RNAfold for single-sequence MFE/partition foldingRNAalifold for consensus structure from alignmentRNAcofold for RNA-RNA interaction structurePredict RNA secondary structures using thermodynamic models. ViennaRNA provides MFE folding, partition function analysis, consensus structure prediction from alignments, and RNA-RNA interaction prediction.
# Basic MFE folding (reads sequence from stdin or file)
echo "GGGAAACCC" | RNAfold
# With partition function (-p) and base-pair probabilities
echo "GGGAAACCC" | RNAfold -p
# Output PostScript dot plot and structure plot
echo ">myRNA" > input.fa
echo "GGGCUAUUAGCUCAGUUGGUUAGAGCGCACCCCUGAUAAGGGUGAGGUCGCUGAUUCGAAUUCAGCAUAGCCCA" >> input.fa
RNAfold -p --noPS < input.fa # Suppress PostScript files
| Option | Description |
|---|---|
-p | Compute partition function and base-pair probabilities |
--MEA | Compute maximum expected accuracy structure |
-d2 | Dangling end energies on both sides of helices (default) |
-T 37 | Temperature in Celsius (default: 37) |
--noLP | No lonely pairs (isolated base pairs) |
--noPS | Suppress PostScript output files |
-C | Read structure constraints from input |
--shape | Incorporate SHAPE reactivity data |
# Force specific positions paired/unpaired
# Constraint notation: '.' = unconstrained, 'x' = unpaired, '(' ')' = forced pair
echo -e ">constrained\nGGGCUAUUAGCUCAGUUGGUUAGAGCGCACC\n...xxxx.........................." | RNAfold -C
Predicts a consensus structure from a multiple sequence alignment, combining thermodynamic stability with covariation evidence.
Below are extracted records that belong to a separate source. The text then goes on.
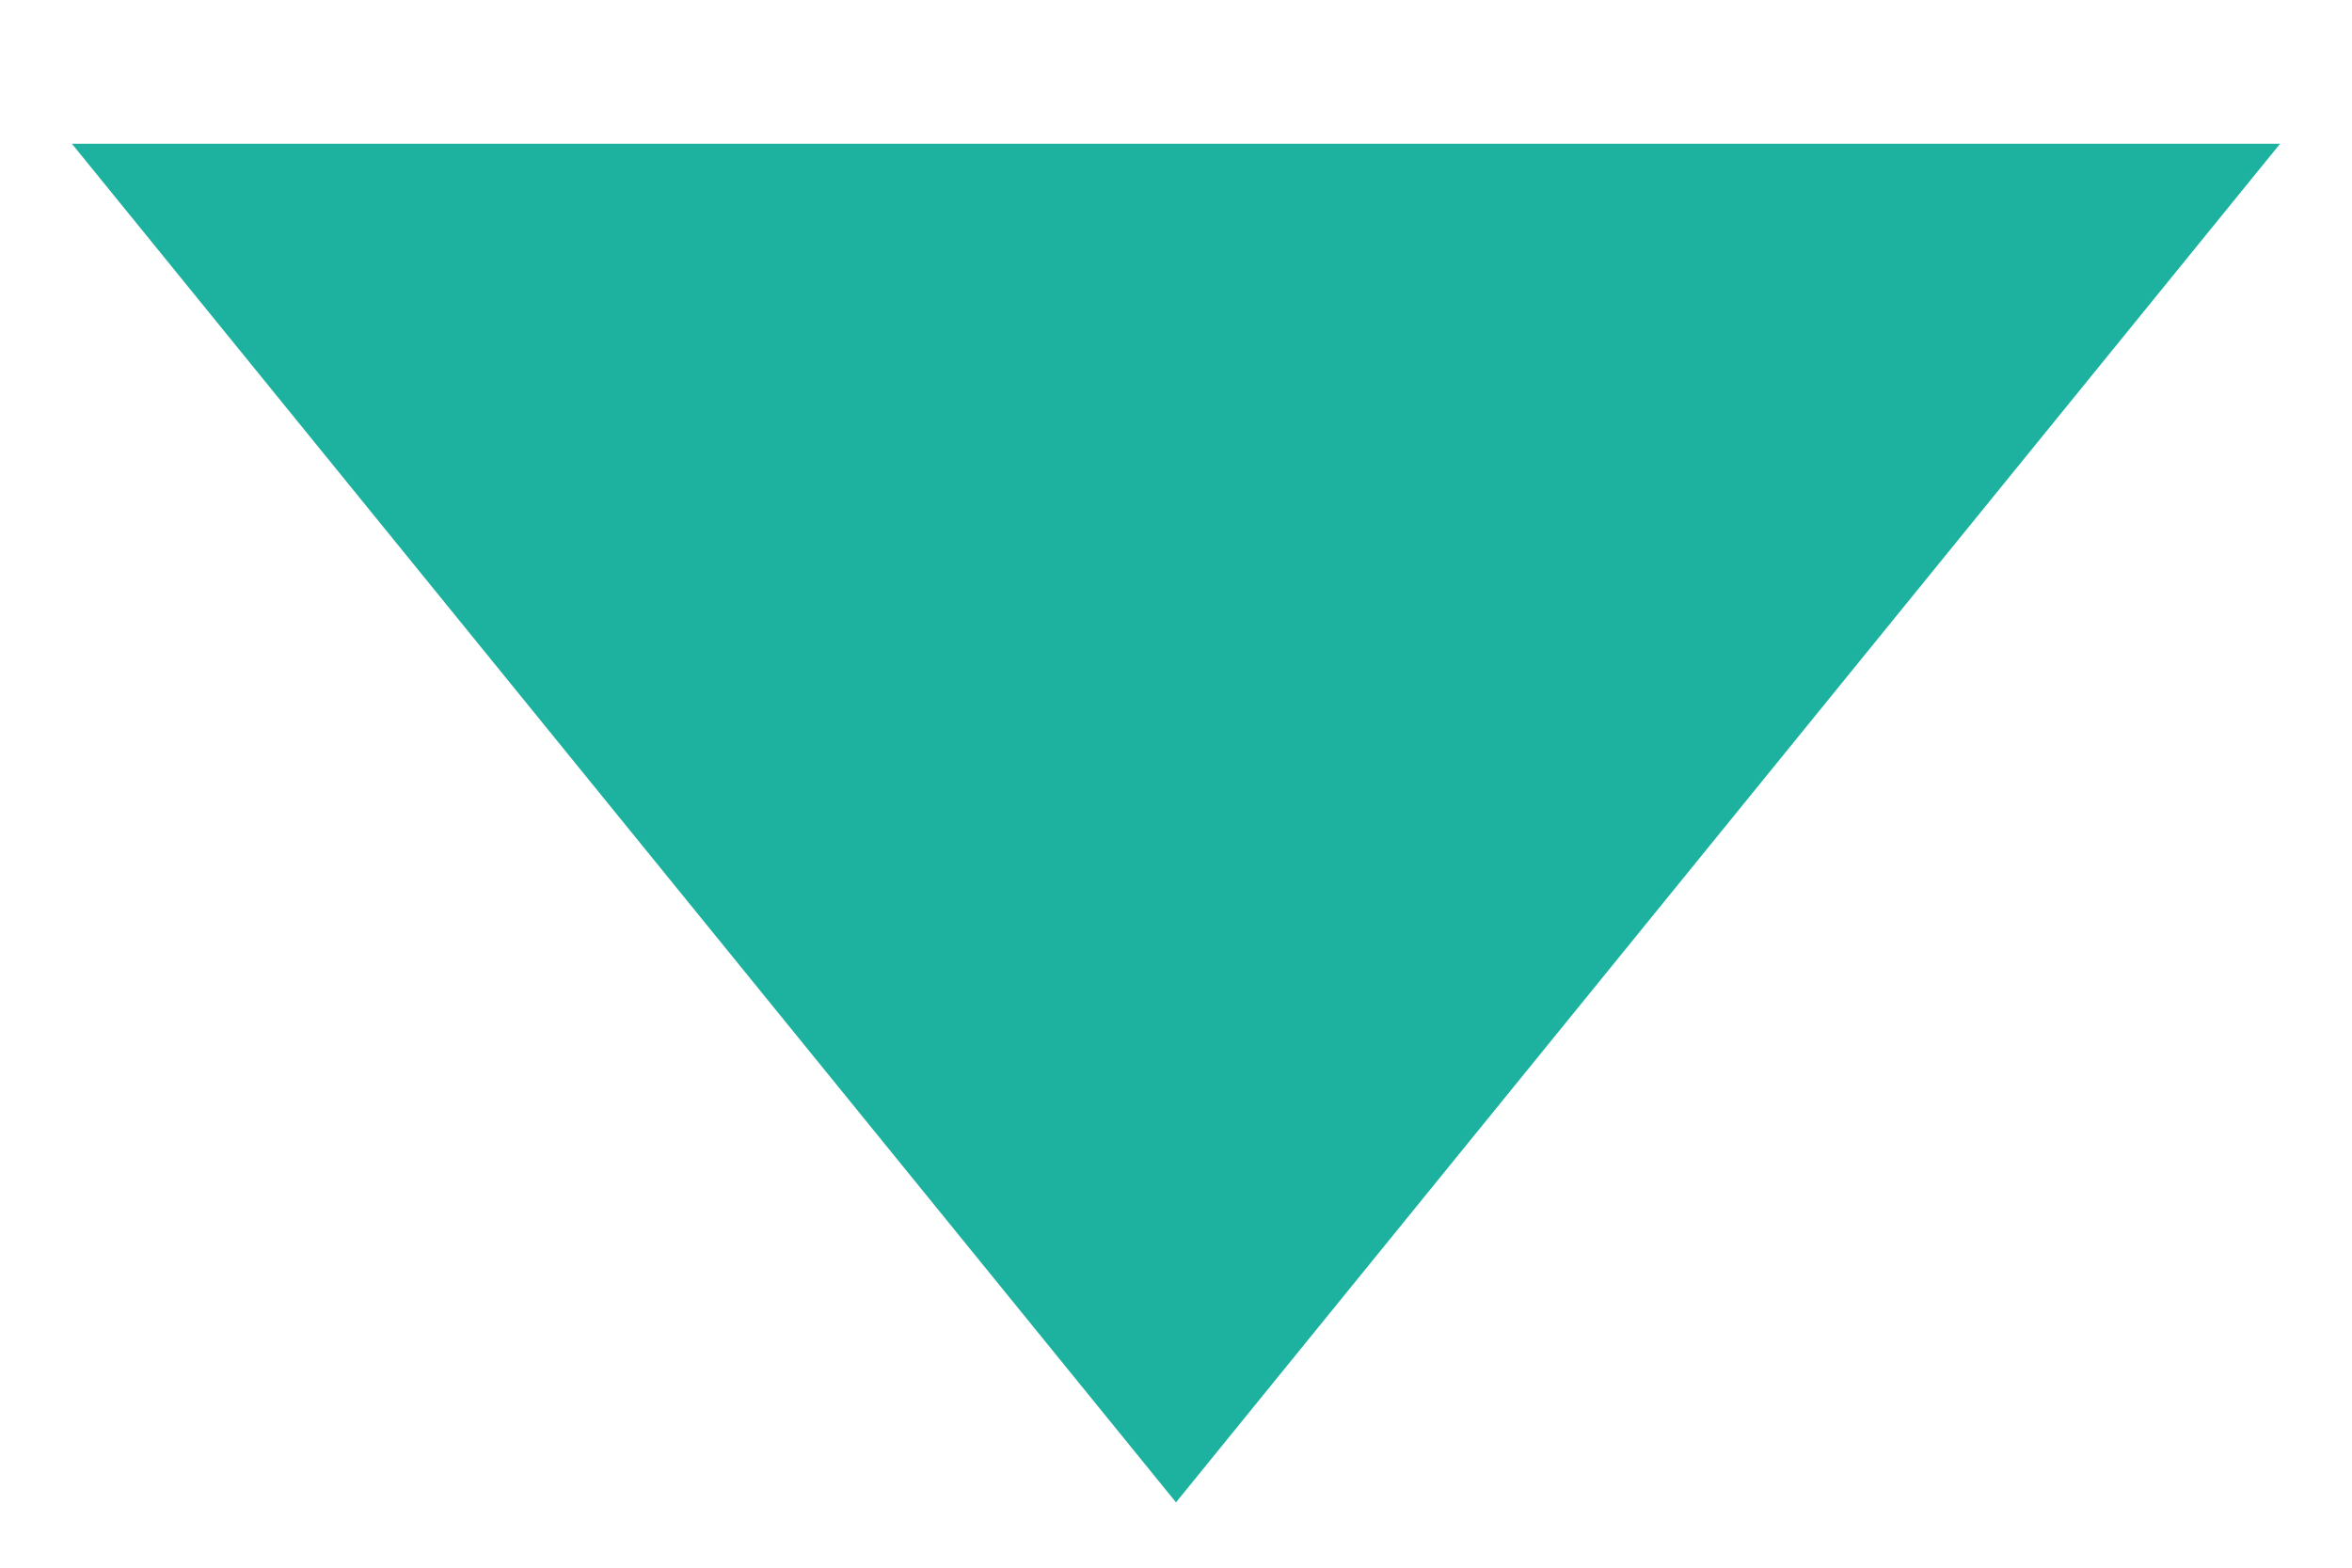 <?xml version="1.0" encoding="utf-8"?>
<!-- Generator: Adobe Illustrator 26.0.2, SVG Export Plug-In . SVG Version: 6.00 Build 0)  -->
<svg version="1.1" id="レイヤー_1" xmlns="http://www.w3.org/2000/svg" xmlns:xlink="http://www.w3.org/1999/xlink" x="0px"
	 y="0px" viewBox="0 0 36 24" style="enable-background:new 0 0 36 24;" xml:space="preserve">
<style>
	.st0{fill:#1DB29F;}
</style>
<g>
	<polygon class="st0" points="2,2.7 34,2.7 18,22.3 	"/>
	<path class="st0" d="M33.1,3.1L18,21.7L2.9,3.1H33.1 M34.9,2.2H1.1L18,23L34.9,2.2L34.9,2.2z"/>
</g>
</svg>

# Input: Stockholm or ClustalW alignment format
RNAalifold --aln alignment.sto
# With covariation weighting and partition function
RNAalifold --cfactor 0.6 --nfactor 0.5 -p alignment.sto
# RIBOSUM scoring for better covariation detection
RNAalifold --ribosum_scoring alignment.sto
| Option | Description |
|---|---|
--cfactor | Covariation weight (default: 1.0, lower = more thermodynamic) |
--nfactor | Non-compatible penalty (default: 1.0) |
--ribosum_scoring | Use RIBOSUM matrices for covariation |
-p | Partition function for consensus |
Predicts the hybridization structure of two RNA molecules.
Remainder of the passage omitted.